**TO DO:**
Copy each of the entries below faithfully, setting aside any pictures.

DATASET START

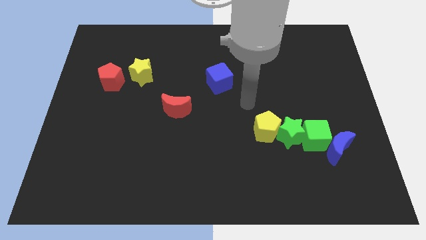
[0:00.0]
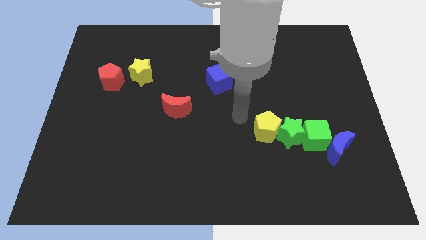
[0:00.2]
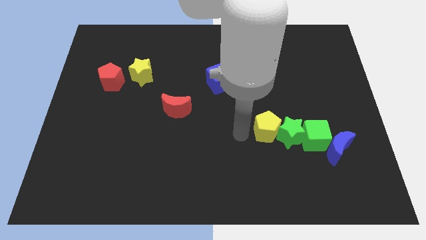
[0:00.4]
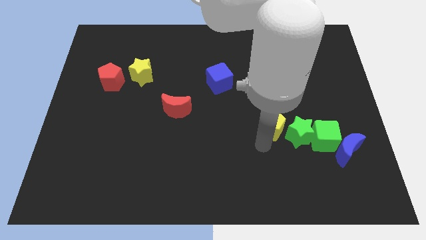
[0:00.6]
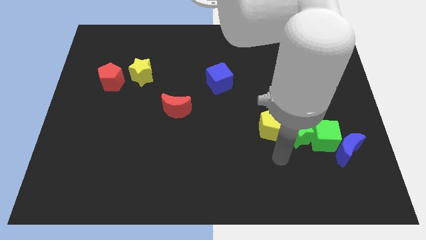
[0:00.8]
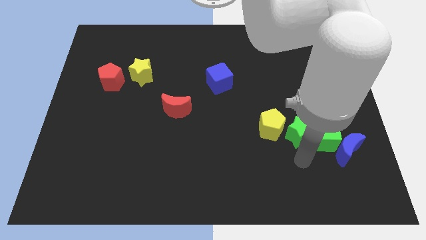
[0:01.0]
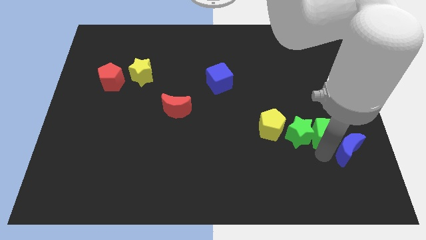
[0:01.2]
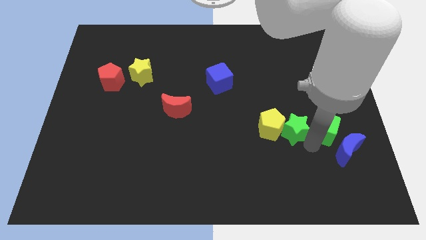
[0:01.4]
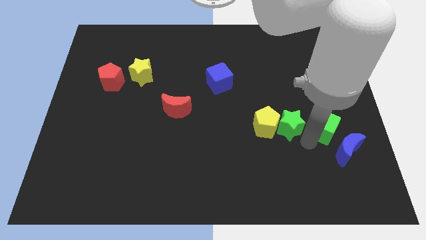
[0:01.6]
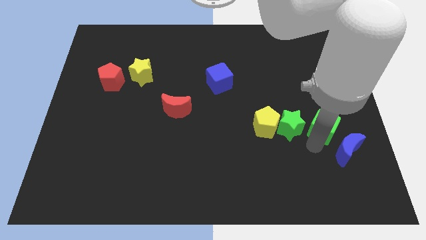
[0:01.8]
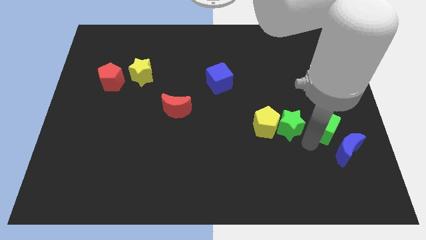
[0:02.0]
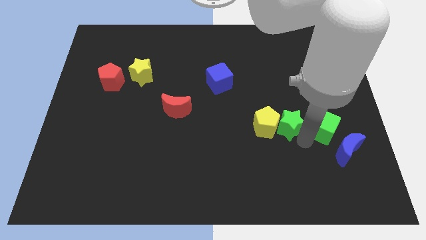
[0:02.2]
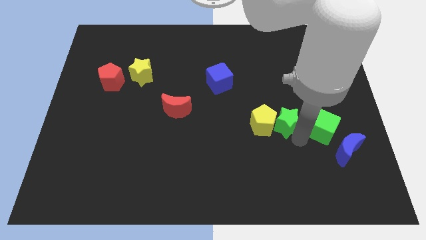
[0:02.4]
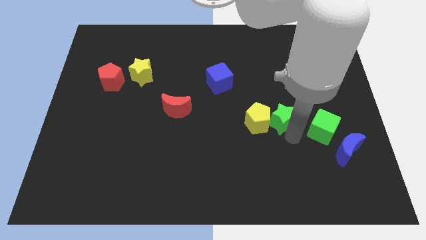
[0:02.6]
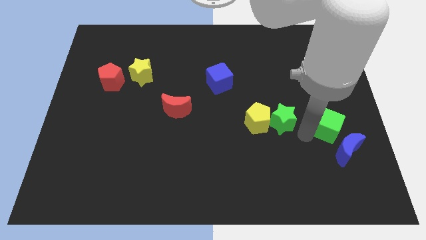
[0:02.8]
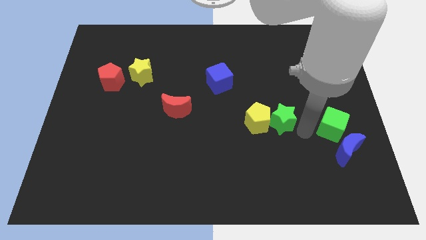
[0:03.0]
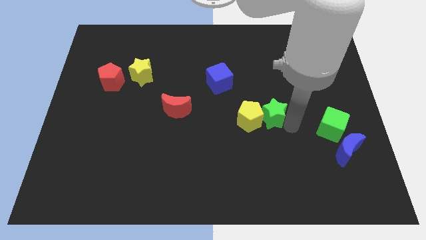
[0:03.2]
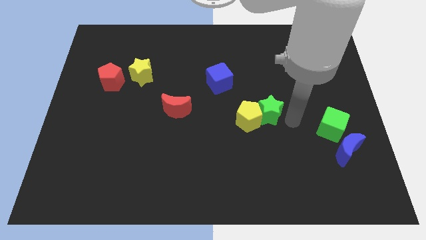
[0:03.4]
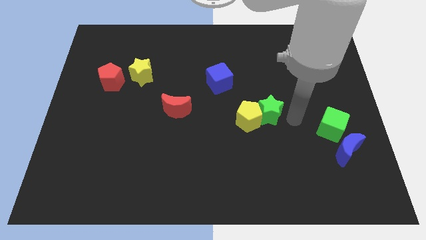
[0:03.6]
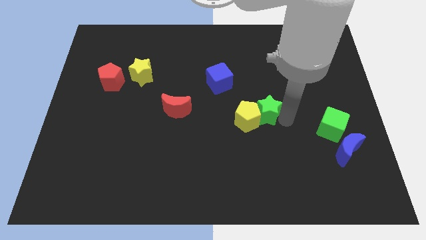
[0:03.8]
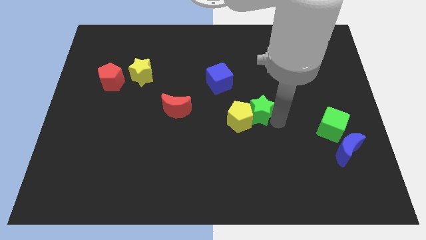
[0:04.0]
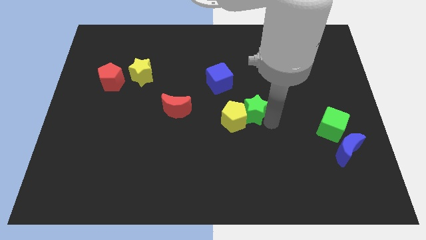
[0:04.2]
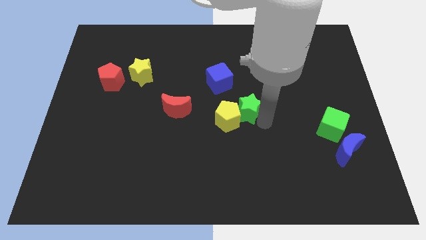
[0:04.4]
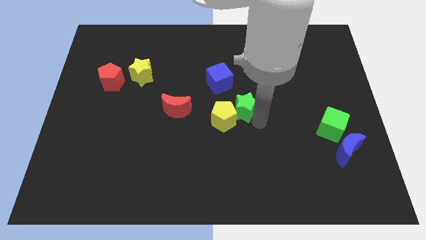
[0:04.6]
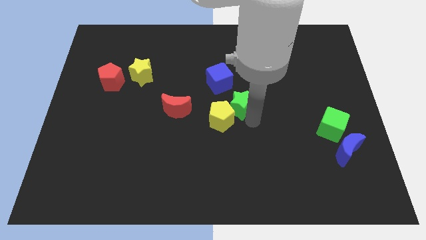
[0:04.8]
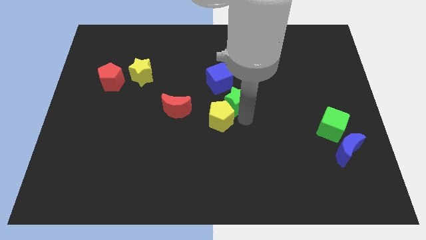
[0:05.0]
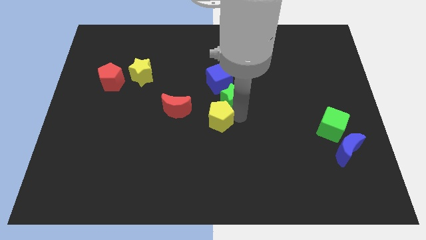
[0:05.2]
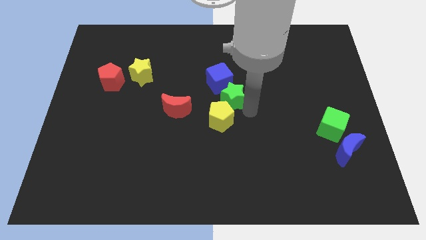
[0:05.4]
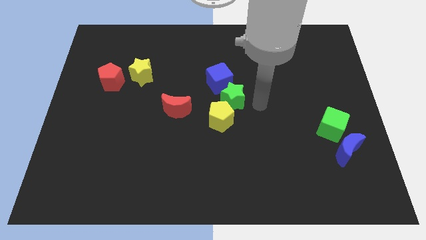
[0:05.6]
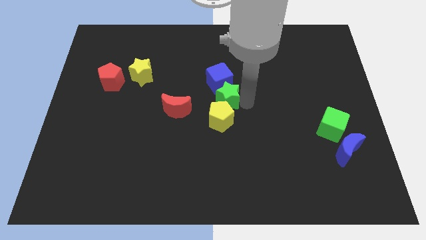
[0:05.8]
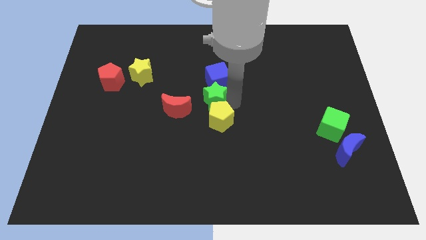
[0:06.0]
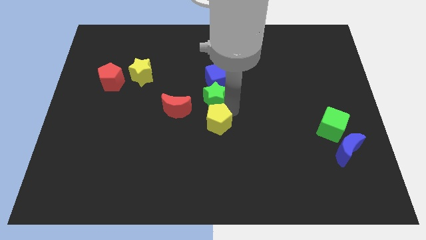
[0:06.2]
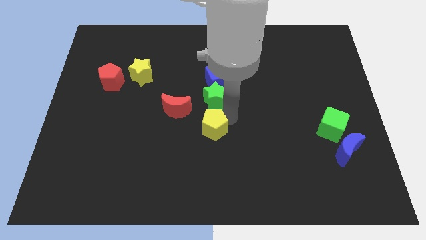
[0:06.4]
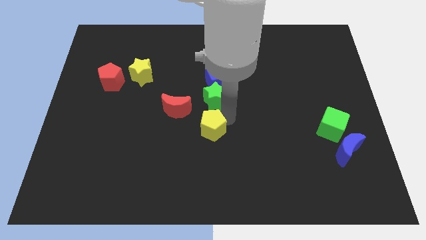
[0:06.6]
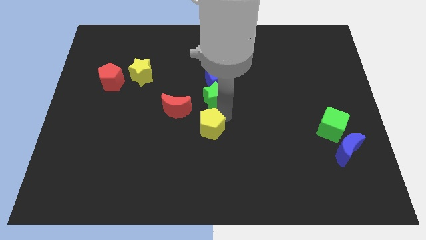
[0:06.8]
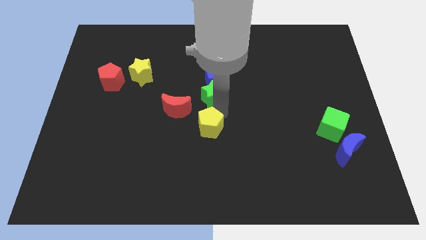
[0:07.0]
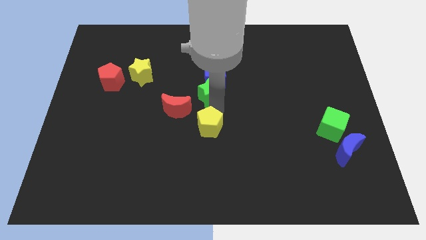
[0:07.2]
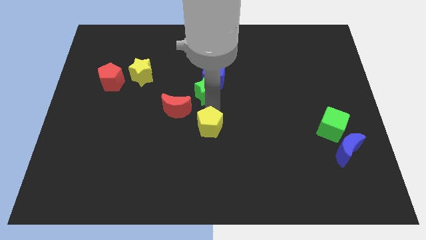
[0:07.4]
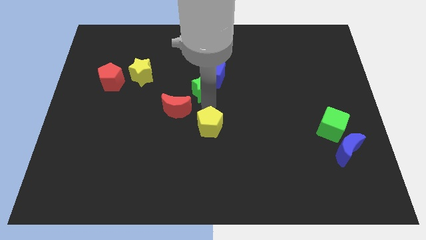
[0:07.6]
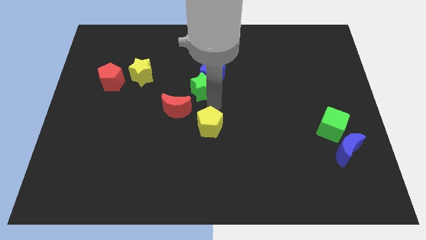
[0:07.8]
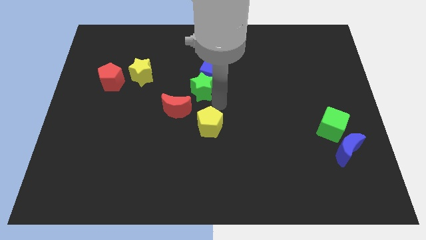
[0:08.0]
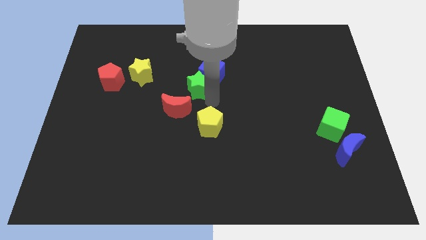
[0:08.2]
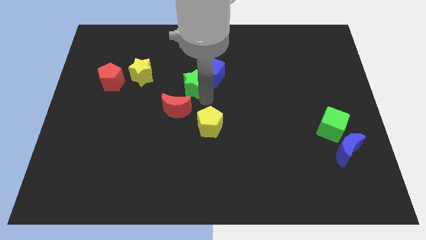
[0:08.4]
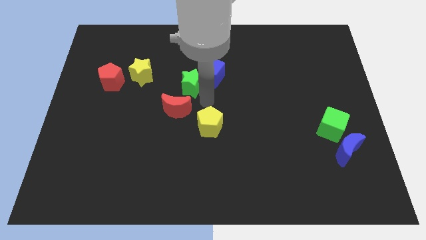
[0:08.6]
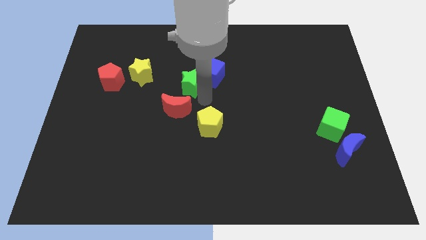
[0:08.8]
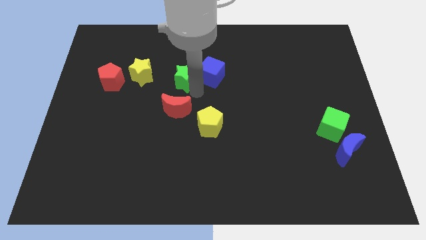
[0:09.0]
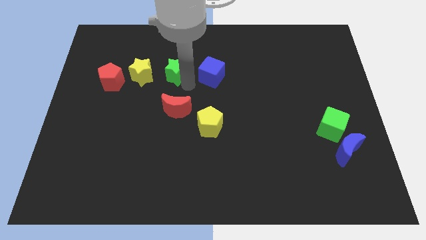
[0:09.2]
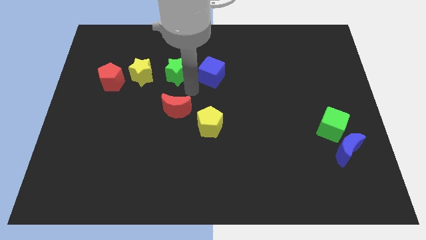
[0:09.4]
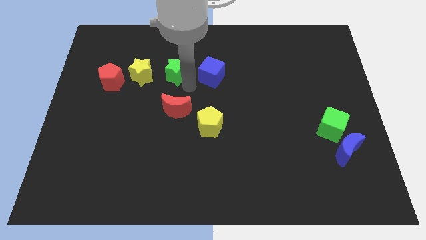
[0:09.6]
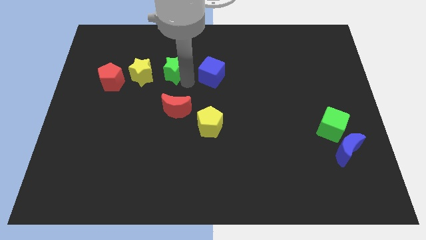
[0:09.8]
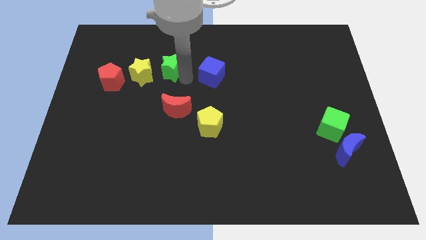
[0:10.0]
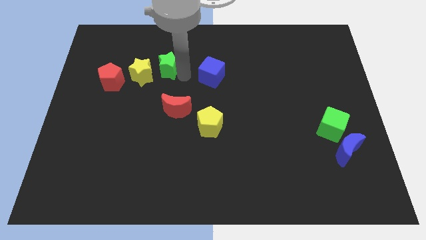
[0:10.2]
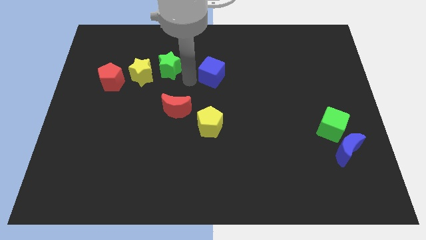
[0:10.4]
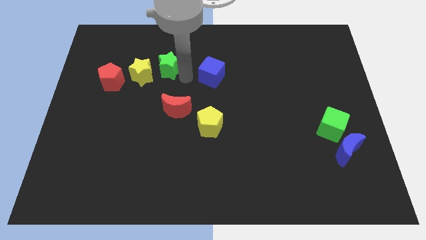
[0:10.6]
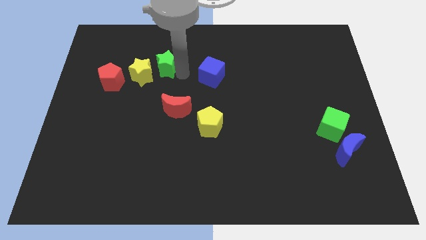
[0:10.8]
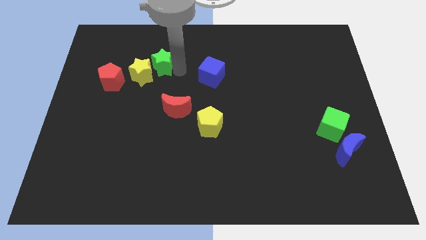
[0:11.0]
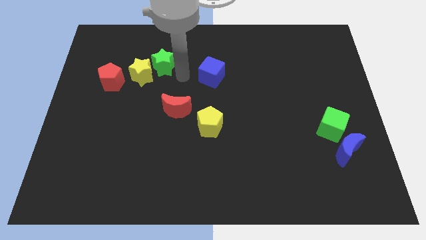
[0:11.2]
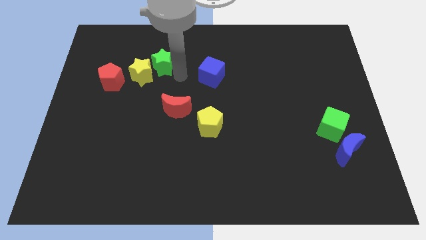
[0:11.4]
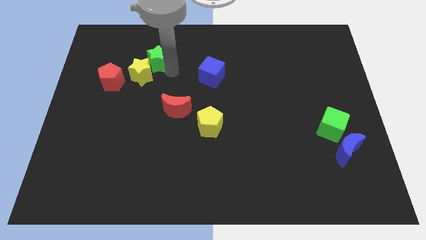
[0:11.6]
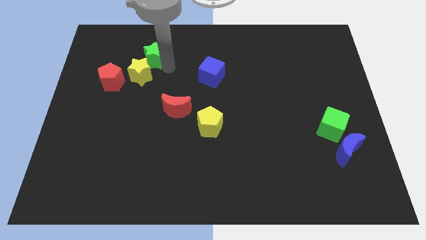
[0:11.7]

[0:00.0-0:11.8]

DATASET END

**WORKED SOLUTION:**
[0:00.0]
[0:00.2]
[0:00.4]
[0:00.6]
[0:00.8]
[0:01.0]
[0:01.2]
[0:01.4]
[0:01.6]
[0:01.8]
[0:02.0]
[0:02.2]
[0:02.4]
[0:02.6]
[0:02.8]
[0:03.0]
[0:03.2]
[0:03.4]
[0:03.6]
[0:03.8]
[0:04.0]
[0:04.2]
[0:04.4]
[0:04.6]
[0:04.8]
[0:05.0]
[0:05.2]
[0:05.4]
[0:05.6]
[0:05.8]
[0:06.0]
[0:06.2]
[0:06.4]
[0:06.6]
[0:06.8]
[0:07.0]
[0:07.2]
[0:07.4]
[0:07.6]
[0:07.8]
[0:08.0]
[0:08.2]
[0:08.4]
[0:08.6]
[0:08.8]
[0:09.0]
[0:09.2]
[0:09.4]
[0:09.6]
[0:09.8]
[0:10.0]
[0:10.2]
[0:10.4]
[0:10.6]
[0:10.8]
[0:11.0]
[0:11.2]
[0:11.4]
[0:11.6]
[0:11.7]

[0:00.0-0:11.8]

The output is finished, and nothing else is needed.